Start of Block

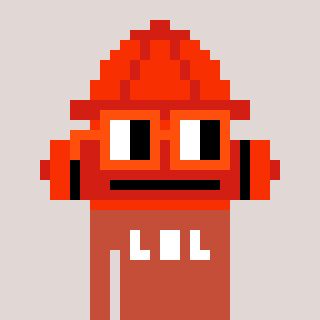
a pixel art character with square orange glasses, a fire hydrant-shaped head and a rust-colored body on a warm background
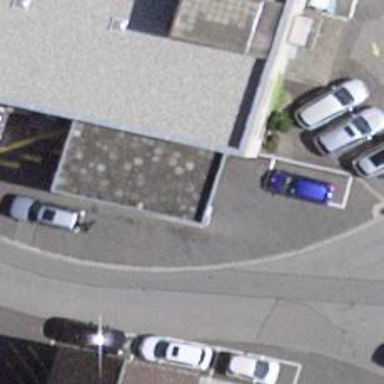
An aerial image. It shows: Fuel station.
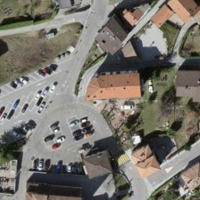
EUNIS habitat code: 55
Species observed at this site:
Podarcis muralis
Melilotus albus
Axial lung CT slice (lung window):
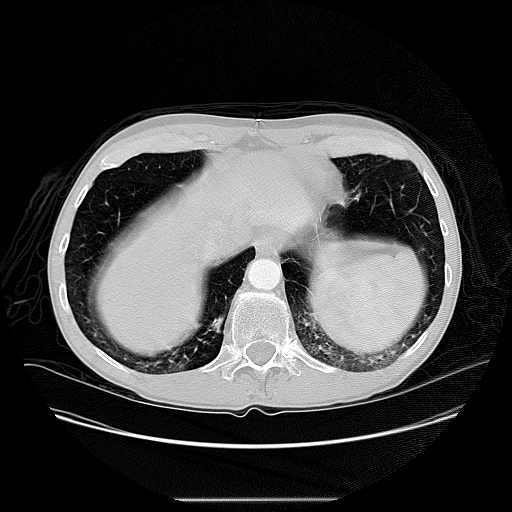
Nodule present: no
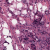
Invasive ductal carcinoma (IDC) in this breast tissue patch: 1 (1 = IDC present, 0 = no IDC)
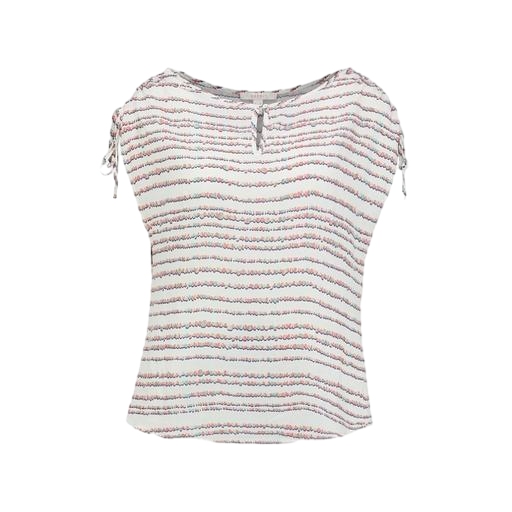
white bow-print top, white printed sleeveless tie-front blouse, multicolor floral-print t-shirt only macy, white background
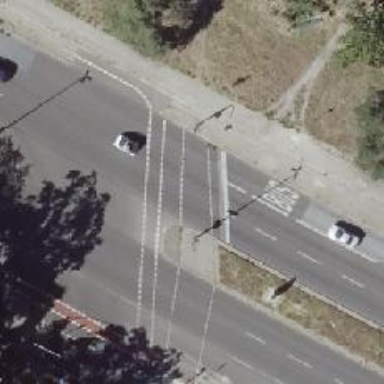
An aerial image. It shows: Secondary road with asphalt surface and cycle track on the right side.
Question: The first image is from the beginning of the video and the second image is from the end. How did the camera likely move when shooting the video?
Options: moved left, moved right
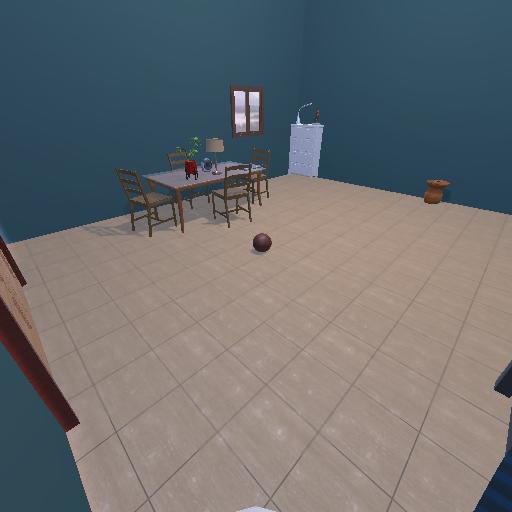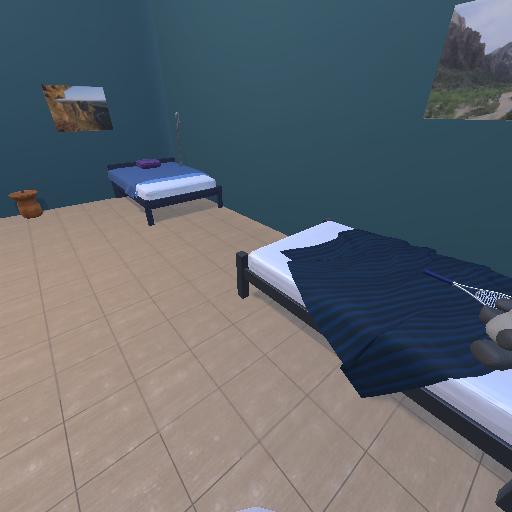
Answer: moved left
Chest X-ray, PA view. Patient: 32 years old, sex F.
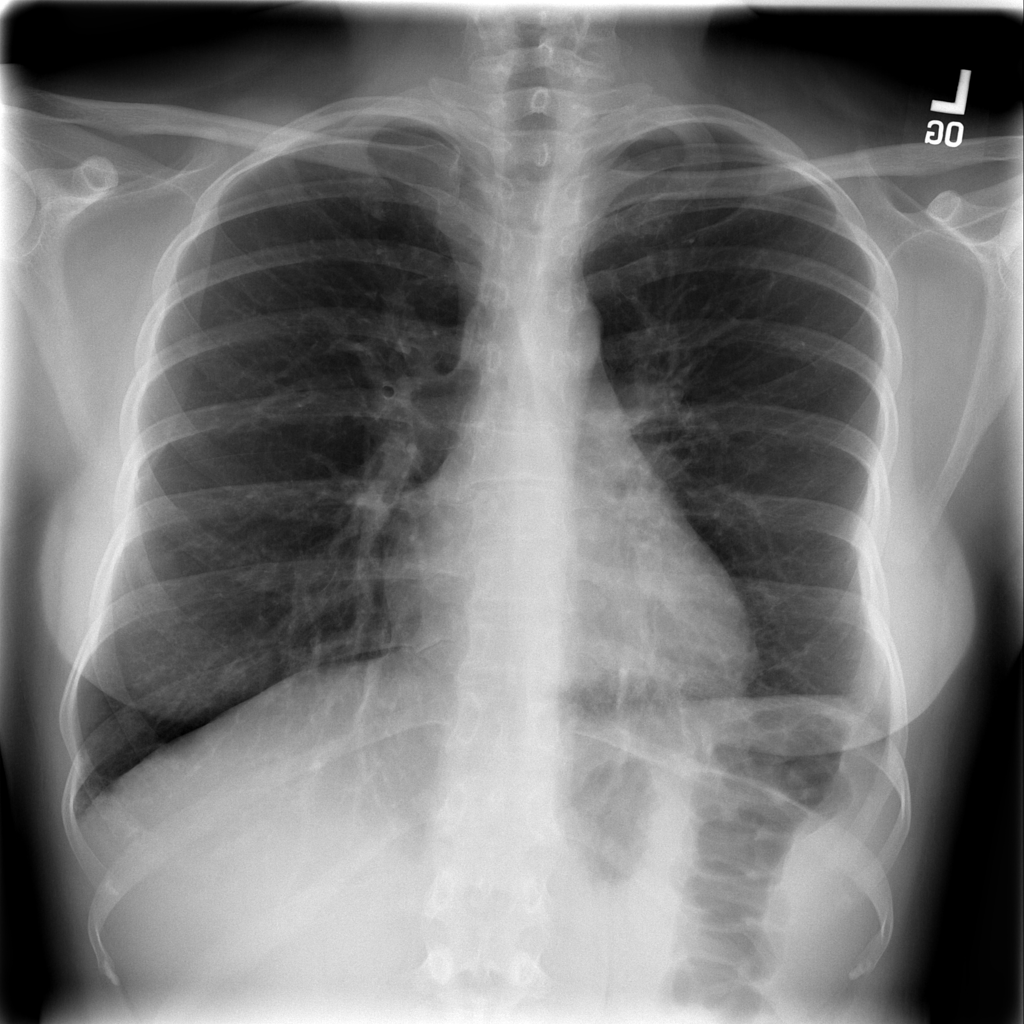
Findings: No Finding
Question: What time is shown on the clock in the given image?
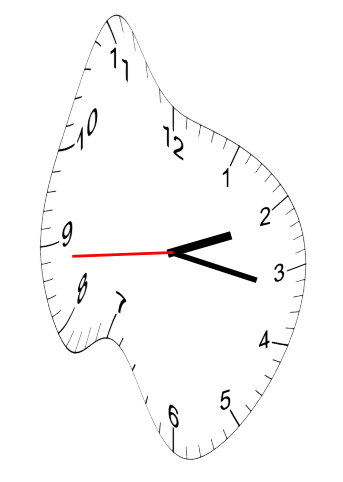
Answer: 02:16:44
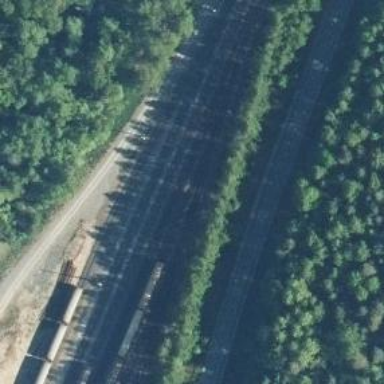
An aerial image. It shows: Railway track.

End of Block

* What you have to do: The result should hold only the lines from the line with "An aerial image. It shows: Fuel station." through the final line of the records above, copied exactly, with pictures left out.

* The completed task:
An aerial image. It shows: Fuel station.
EUNIS habitat code: 55
Species observed at this site:
Podarcis muralis
Melilotus albus
Axial lung CT slice (lung window):
Nodule present: no
Invasive ductal carcinoma (IDC) in this breast tissue patch: 1 (1 = IDC present, 0 = no IDC)
white bow-print top, white printed sleeveless tie-front blouse, multicolor floral-print t-shirt only macy, white background
An aerial image. It shows: Secondary road with asphalt surface and cycle track on the right side.
Question: The first image is from the beginning of the video and the second image is from the end. How did the camera likely move when shooting the video?
Options: moved left, moved right
Answer: moved left
Chest X-ray, PA view. Patient: 32 years old, sex F.
Findings: No Finding
Question: What time is shown on the clock in the given image?
Answer: 02:16:44
An aerial image. It shows: Railway track.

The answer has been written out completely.